BACKGROUND AND PURPOSE: To determine the efficacy of standardized definitions of degenerative change in reducing variability in interpretation of lumbar spine magnetic resonance imaging within and between groups of subspecialty-trained neuroradiologists (NR) and musculoskeletal radiologists (MSK). MATERIALS AND METHODS: Six radiologists, three from both NR and MSK groups were trained on a standardized classification system of degenerative change. After an 11-month washout period, they independently re-interpreted fifty exams at the L4-L5 and L5-S1 levels. Responses were converted to a six-point ordinal scale for the assessment of neural foraminal stenosis and spinal canal stenosis (SCS), three-point scale for lateral recess stenosis, and four-point scale for facet osteoarthritis (FO). Intra-subspecialty and inter-subspecialty analysis was performed using the weighted Cohen's kappa with a binary matrix of all reader pairs. RESULTS: Inter-subspecialty agreement improved from k=0.527 (moderate) to k=0.602 (substantial) for neural foraminal stenosis, from k=0.540 (moderate) to k=0.652 (substantial) for SCS, from k=0.0818 (slight) to k=0.337 (fair) for lateral recess stenosis, and from k=0.176 (slight) to k=0.495 (moderate) for FO. The NR group demonstrated improved intra-subspecialty agreement for the assessment of SCS, from k=0.368 (fair) to k=0.638 (substantial). The MSK group demonstrated improved intra-subspecialty agreement for the assessment of FO, from k=0.134 (slight) to k=0.413 (moderate). Intra-subspecialty agreement was similar for other parameters before and after training. CONCLUSIONS: As result of the standardized definitions training, the NR and MSK groups each improved in one of the four parameters, while inter-subspecialty variability improved in all four parameters. These definitions may be useful in clinical practice across radiology subspecialties.

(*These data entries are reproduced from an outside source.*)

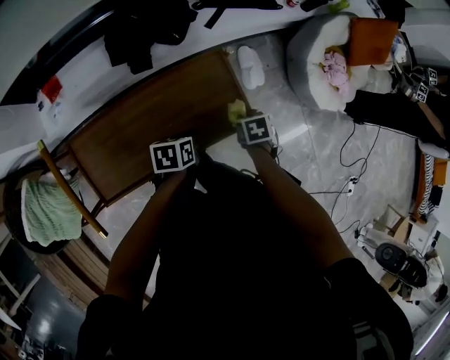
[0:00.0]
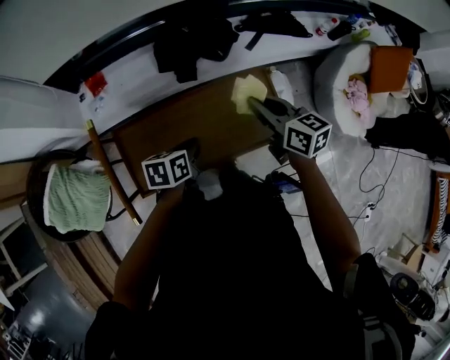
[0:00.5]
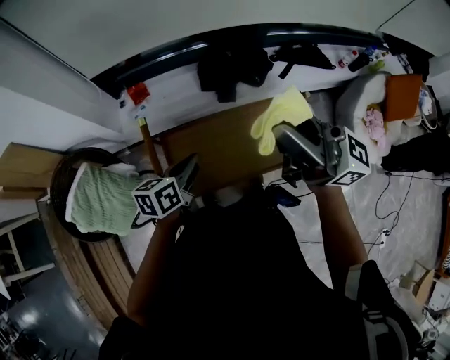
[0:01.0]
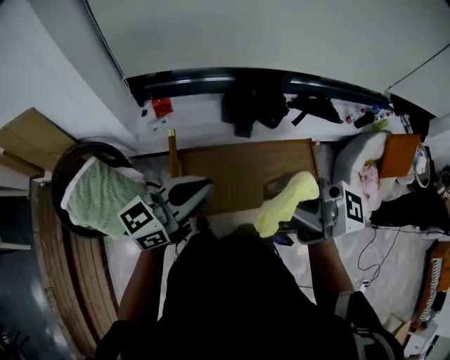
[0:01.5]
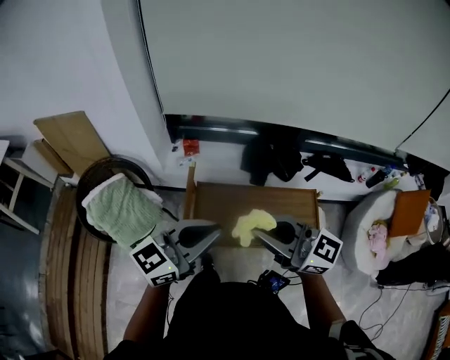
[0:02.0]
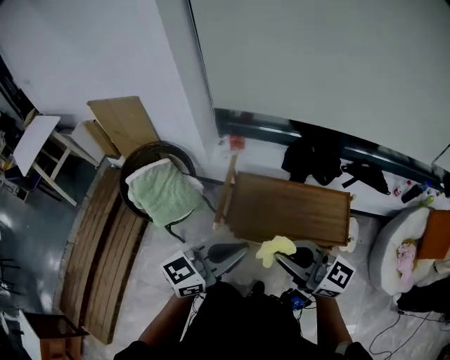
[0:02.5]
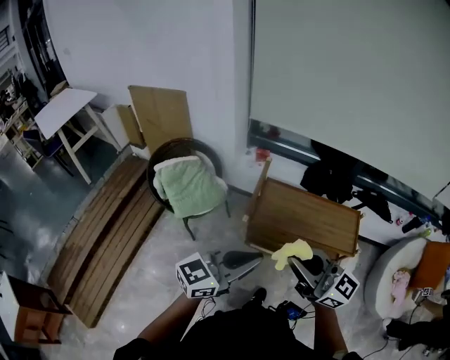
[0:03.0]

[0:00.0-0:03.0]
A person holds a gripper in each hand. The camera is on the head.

Intra- and Intersubspecialty Variability in Lumbar Spine MRI Interpretation: A Multireader Study Comparing Musculoskeletal Radiologists and Neuroradiologists.

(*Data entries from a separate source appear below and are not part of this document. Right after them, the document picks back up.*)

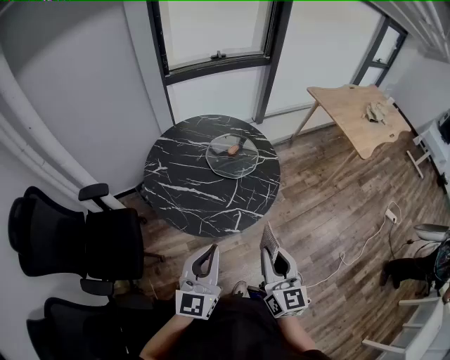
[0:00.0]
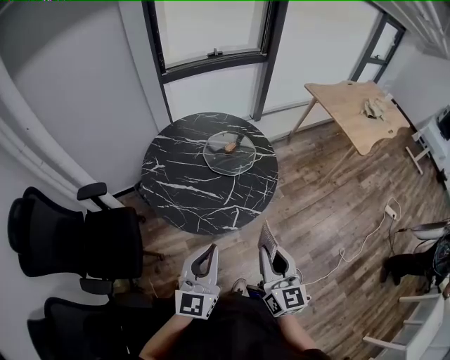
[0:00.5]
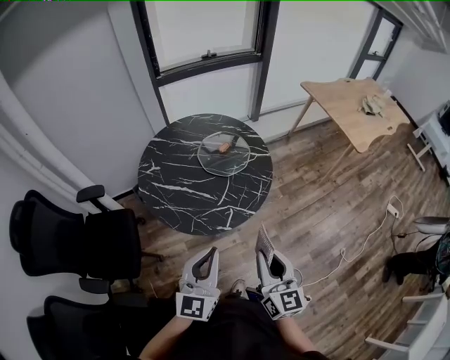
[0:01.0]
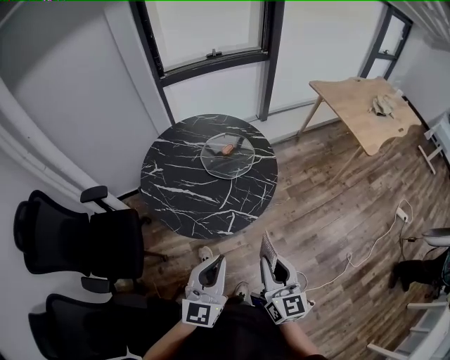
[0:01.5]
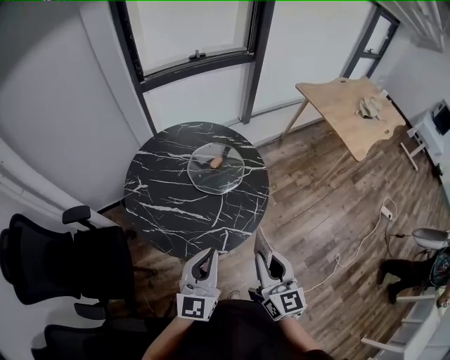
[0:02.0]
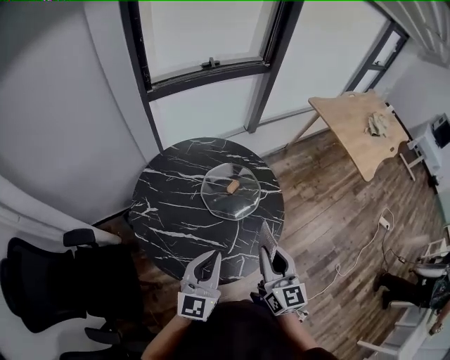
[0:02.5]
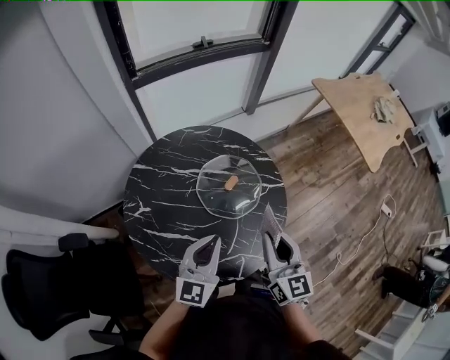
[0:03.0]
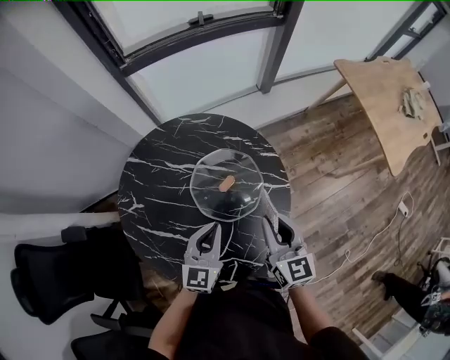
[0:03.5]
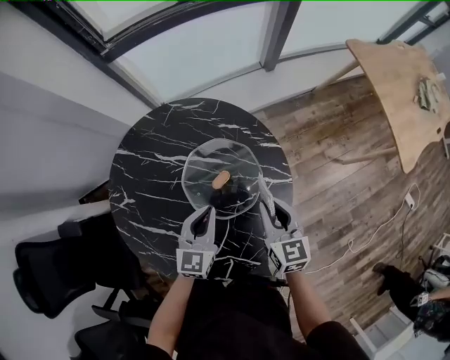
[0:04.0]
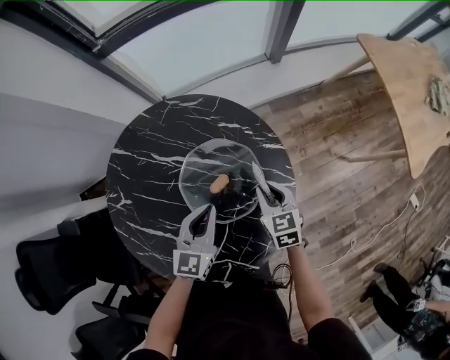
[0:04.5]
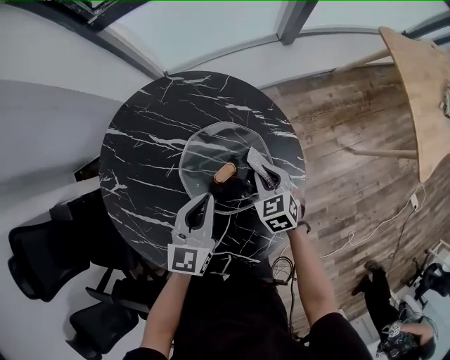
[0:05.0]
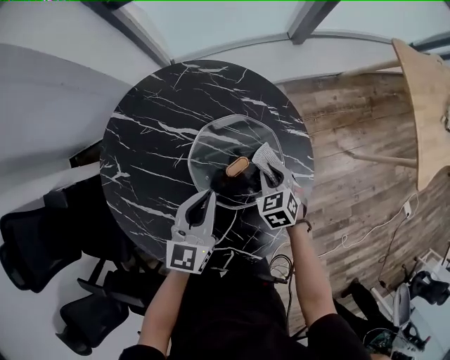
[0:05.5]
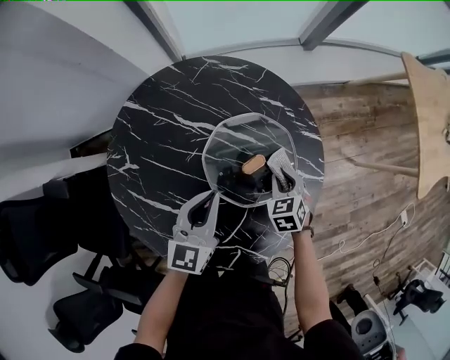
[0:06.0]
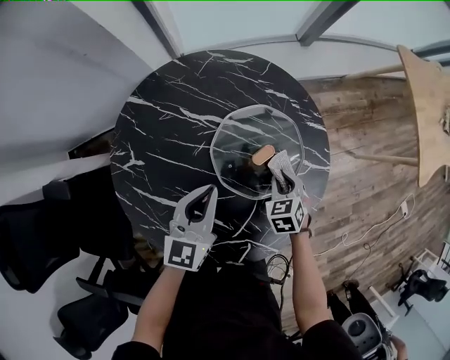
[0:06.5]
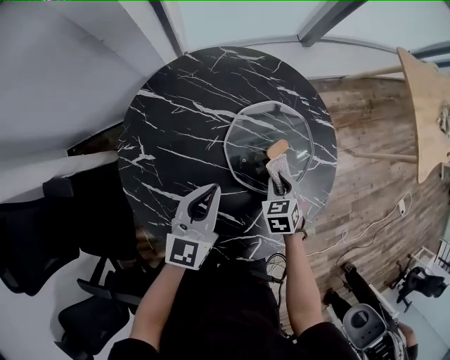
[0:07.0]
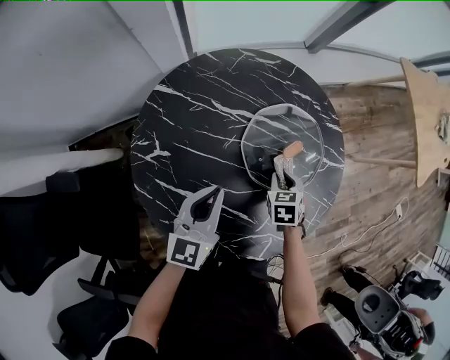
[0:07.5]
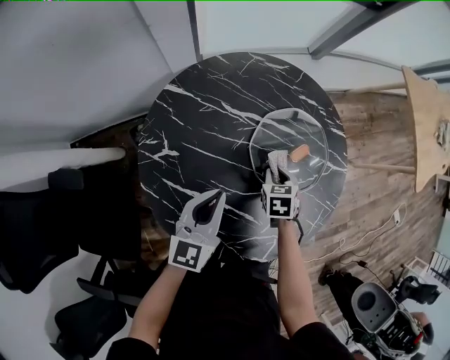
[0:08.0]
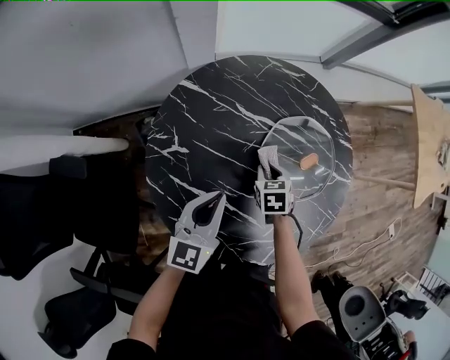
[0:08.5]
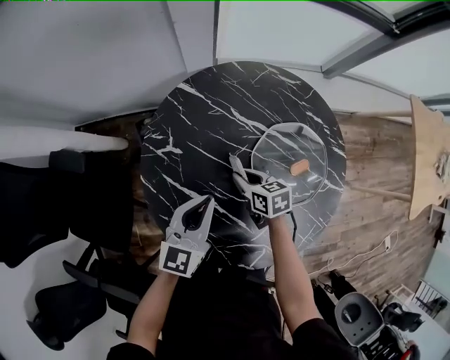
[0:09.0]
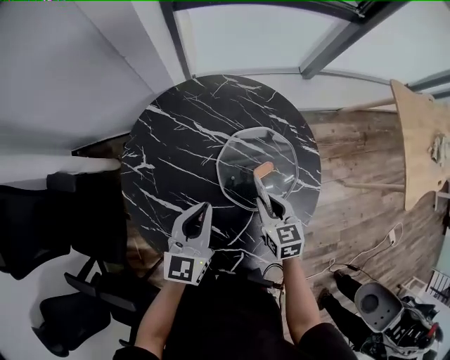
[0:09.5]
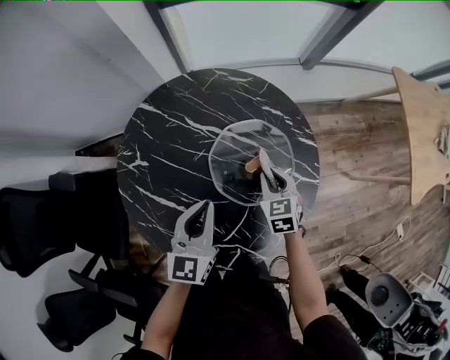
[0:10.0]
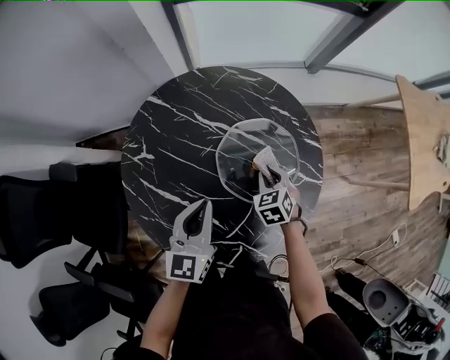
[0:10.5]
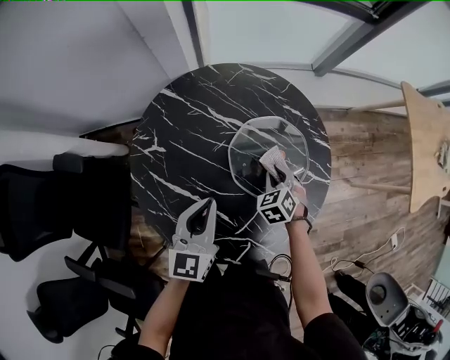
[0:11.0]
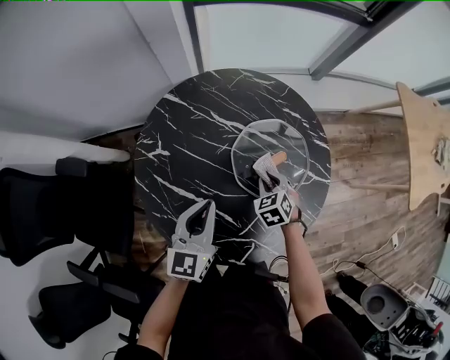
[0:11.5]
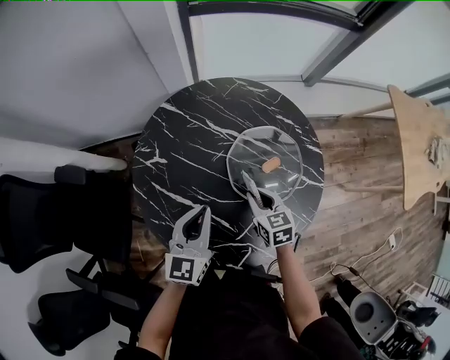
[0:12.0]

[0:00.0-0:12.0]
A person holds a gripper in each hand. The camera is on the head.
0:00.0 to 0:02.0: The grippers both shift forward by about 10 cm.
0:02.0 to 0:04.0: The two grippers go approximately 40 cm forward and downward. The right gripper rotates about 20 degrees.
0:04.0 to 0:06.0: The left gripper moves to the left, some 5 cm. Meanwhile the right gripper is displaced downward by some 20 cm, and tilts its fingers roughly 30 degrees downward.
0:06.0 to 0:08.0: Both grippers travel together to the left and backward, approximately 15 cm. The right gripper changes its angle by approximately 20 degrees.
0:08.0 to 0:10.0: The left gripper ends up some 15 cm from where it was. Meanwhile the right gripper changes place by approximately 15 cm, and turns by about 30 degrees.
0:10.0 to 0:12.0: The left gripper is displaced to the left by some 10 cm; the right gripper shifts about 10 cm to the left and backward.

BACKGROUND AND PURPOSE: The purpose of this study is to assess the differences in degenerative spine MRI reporting between subspecialty-trained attending neuroradiologists and musculoskeletal radiologists (MSK) at a single institution, academic medical center. MATERIALS AND METHODS: Fifty consecutive outpatient noncontrast lumbar spine examinations were selected from the Picture Archiving and Communication System. Three MSK and 3 neuroradiologists (NR) independently reviewed and interpreted the exams at the L4-L5 and L5-S1 levels in the same manner as in clinical practice. The assessment of neural foraminal stenosis (NFS) and spinal canal stenosis (SCS) was converted to a 5-point ordinal scale. The assessment of lateral recess stenosis (LRS) and facet osteoarthritis (FO) was recorded as present/absent. Intersubspecialty and intrasubspecialty analysis was performed using Cohen's kappa coefficient with a binary matrix of all reader pairs. RESULTS: There was moderate intersubspecialty agreement (k = 0.527) for NFS and SCS (k = 0.540). Intersubspecialty agreement was slight for LRS (k = 0.0818) and FO (k = 0.176). The MSK group demonstrated greater intrasubspecialty agreement in assessment of NFS and SCS compared to the NR group, with nonoverlapping confidence intervals. The NR group demonstrated greater nominal intrasubspecialty agreement in the assessment of both LRS and FO, although with nonoverlapping confidence intervals. CONCLUSION: There is moderate intersubspecialty agreement between MSK radiologists and neuroradiologists in reporting the severity of NFS and SCS, although MSK radiologists demonstrated greater intrasubspecialty agreement. There is slight intersubspecialty agreement for LRS and FO. The demonstration of differences in inter-reader agreement is a crucial first step to attempt to ameliorate these variabilities.